Copper[edit | edit source]
Copper is an essential trace element in plants and animals, but not all microorganisms. The human body contains copper at a level of about 1.4 to 2.1 mg per kg of body mass.
Copper is absorbed in the gut, then transported to the liver bound to albumin. After processing in the liver, copper is distributed to other tissues in a second phase, which involves the protein ceruloplasmin, carrying the majority of copper in blood. Ceruloplasmin also carries the copper that is excreted in milk, and is particularly well-absorbed as a copper source. Copper in the body normally undergoes enterohepatic circulation (about 5 mg a day, vs. about 1 mg per day absorbed in the diet and excreted from the body), and the body is able to excrete some excess copper, if needed, via bile, which carries some copper out of the liver that is not then reabsorbed by the intestine.

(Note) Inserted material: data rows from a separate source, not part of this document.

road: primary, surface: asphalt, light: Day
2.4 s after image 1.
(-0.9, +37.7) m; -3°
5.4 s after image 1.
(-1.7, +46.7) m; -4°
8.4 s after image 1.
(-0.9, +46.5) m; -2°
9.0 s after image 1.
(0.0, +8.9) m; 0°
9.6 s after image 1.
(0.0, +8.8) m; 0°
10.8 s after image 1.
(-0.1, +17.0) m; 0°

Manganese[edit | edit source]
Manganese is an essential human dietary element, important in macronutrient metabolism, bone formation, and free radical defense systems. It is a critical component in dozens of proteins and enzymes. It is found mostly in the bones, but also the liver, kidneys, and brain. In the human brain, the manganese is bound to manganese metalloproteins, most notably glutamine synthetase in astrocytes.

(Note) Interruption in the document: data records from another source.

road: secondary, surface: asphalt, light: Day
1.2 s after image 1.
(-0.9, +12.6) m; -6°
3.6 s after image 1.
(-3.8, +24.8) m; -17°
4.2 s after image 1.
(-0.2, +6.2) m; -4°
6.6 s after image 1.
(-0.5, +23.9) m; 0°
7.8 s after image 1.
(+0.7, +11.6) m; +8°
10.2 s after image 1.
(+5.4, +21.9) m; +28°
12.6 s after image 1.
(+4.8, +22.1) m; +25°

Selenium[edit | edit source]
In humans, selenium is a trace element nutrient that functions as cofactor for glutathione peroxidases and certain forms of thioredoxin reductase. Selenium-containing proteins are produced from inorganic selenium via the intermediacy of selenophosphate (PSeO33−).
Twenty-five selenoproteins are encoded in the human genome.

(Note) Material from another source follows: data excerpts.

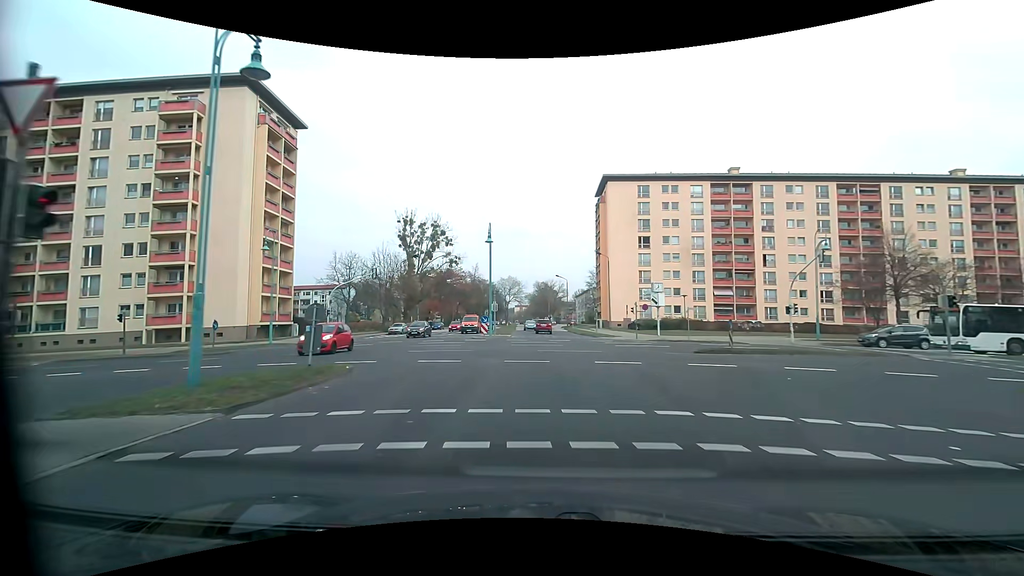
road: tertiary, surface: asphalt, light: Day
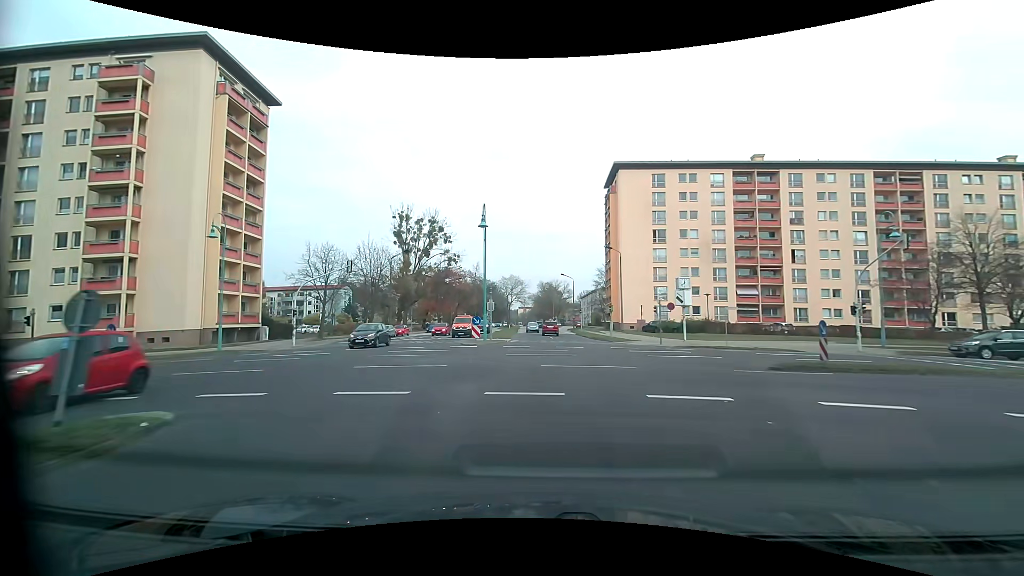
(-0.1, +7.4) m; -2°
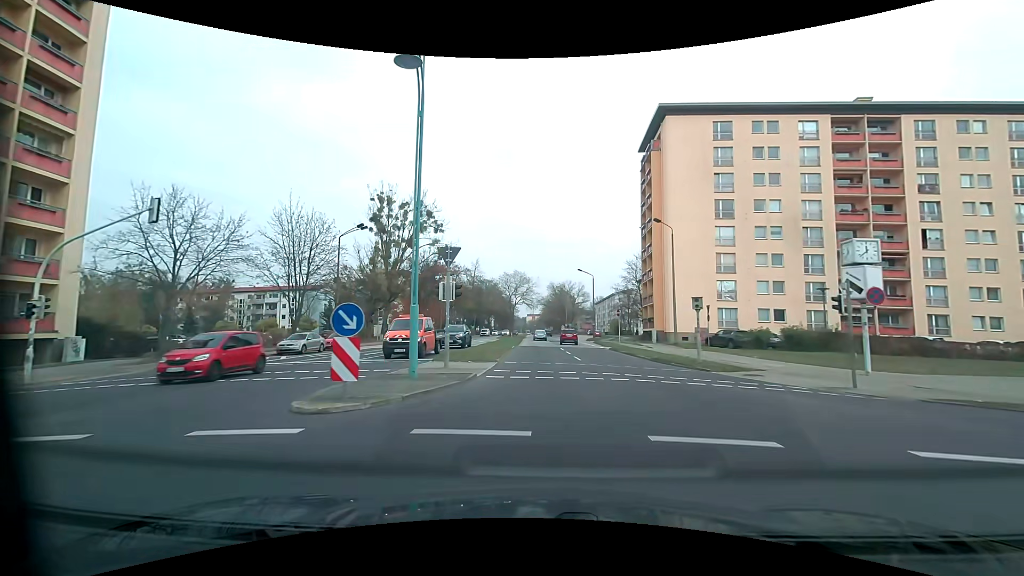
(0.0, +22.1) m; -1°
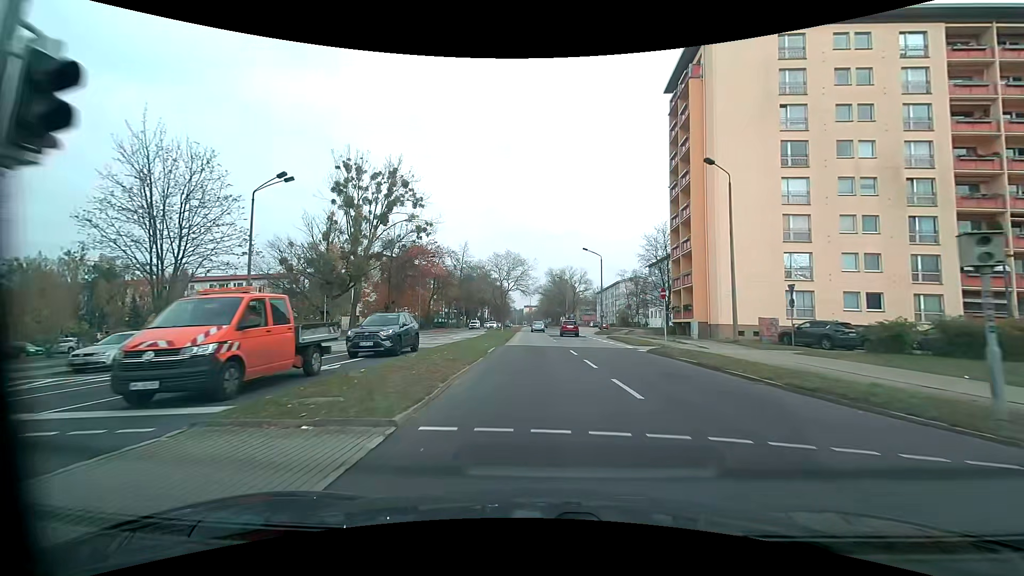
(+0.1, +14.7) m; +1°
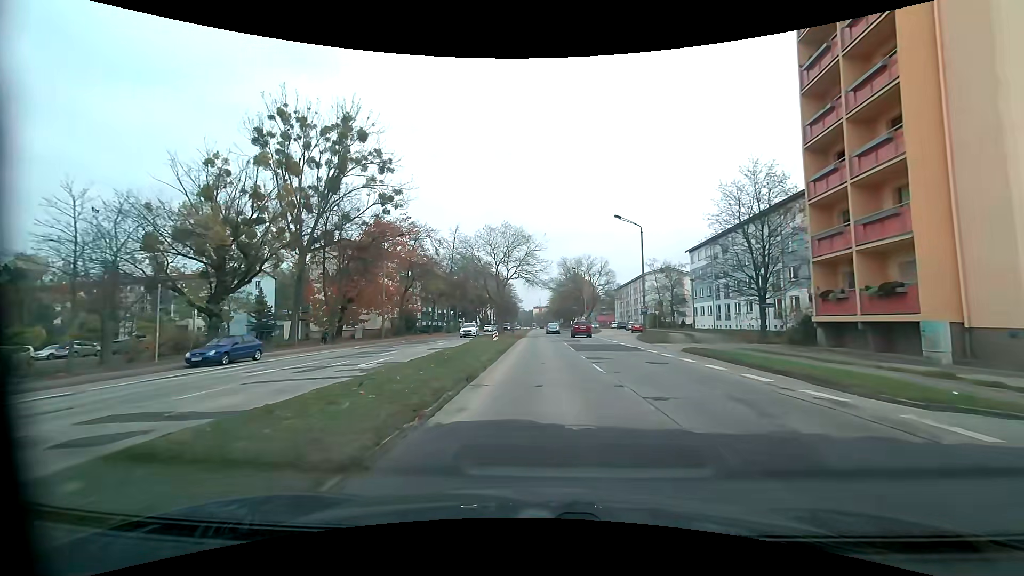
(-0.3, +22.2) m; -1°
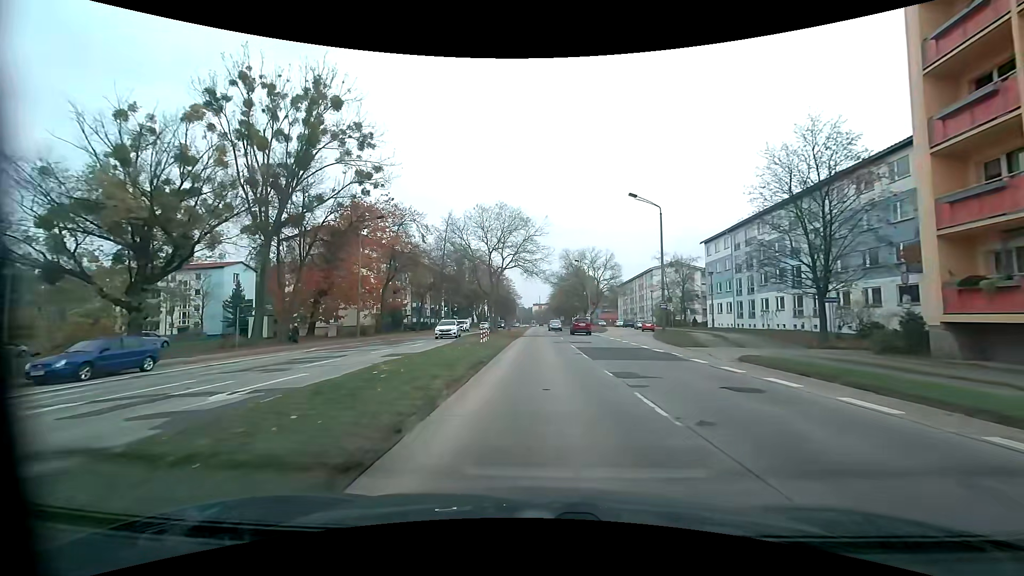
(0.0, +7.5) m; 0°
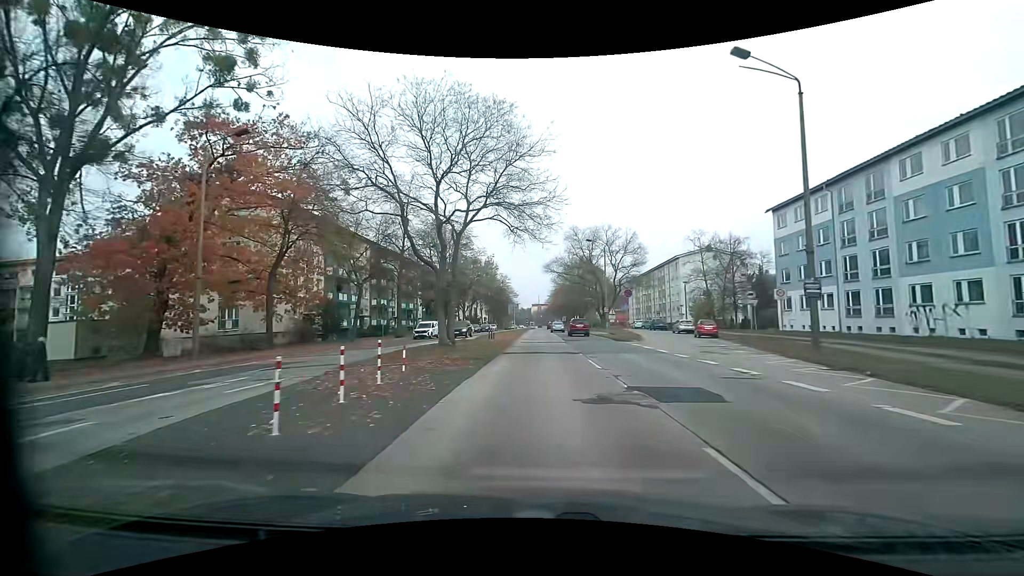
(+0.1, +22.2) m; 0°
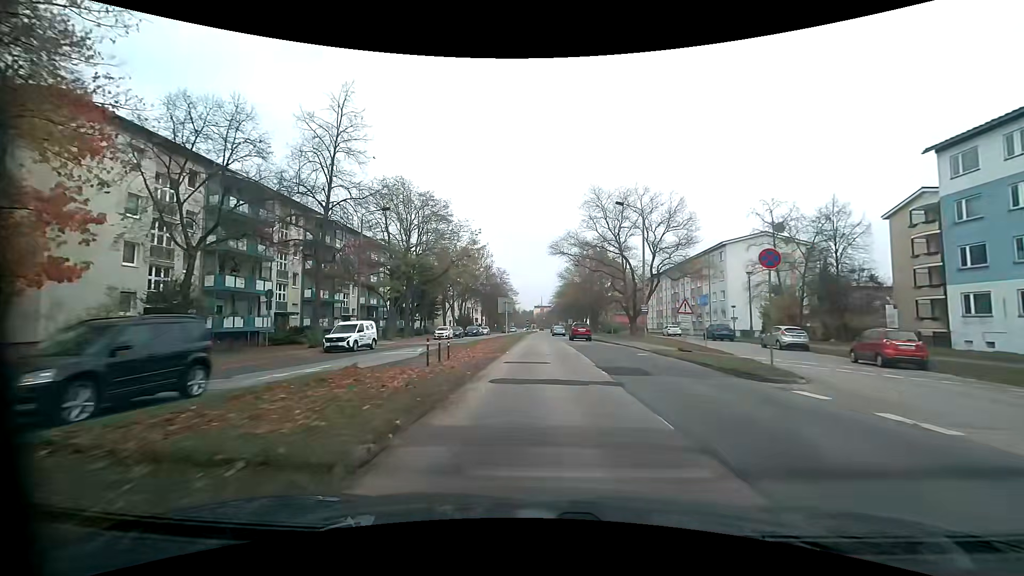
(+0.2, +21.1) m; 0°
(0, +10) (0, +20) (0, +30) (0, +40) (0, +50) (0, +60) (0, +70) (0, +80) (0, +90) (+1, +100) m

Glutathione peroxidase functions as a catalyst for the destruction of hydrogen peroxide.
A related selenium-containing enzyme in some plants and in animals (thioredoxin reductase) generates reduced thioredoxin, a dithiol that serves as an electron source for peroxidases and also the important reducing enzyme ribonucleotide reductase that makes DNA precursors from RNA precursors.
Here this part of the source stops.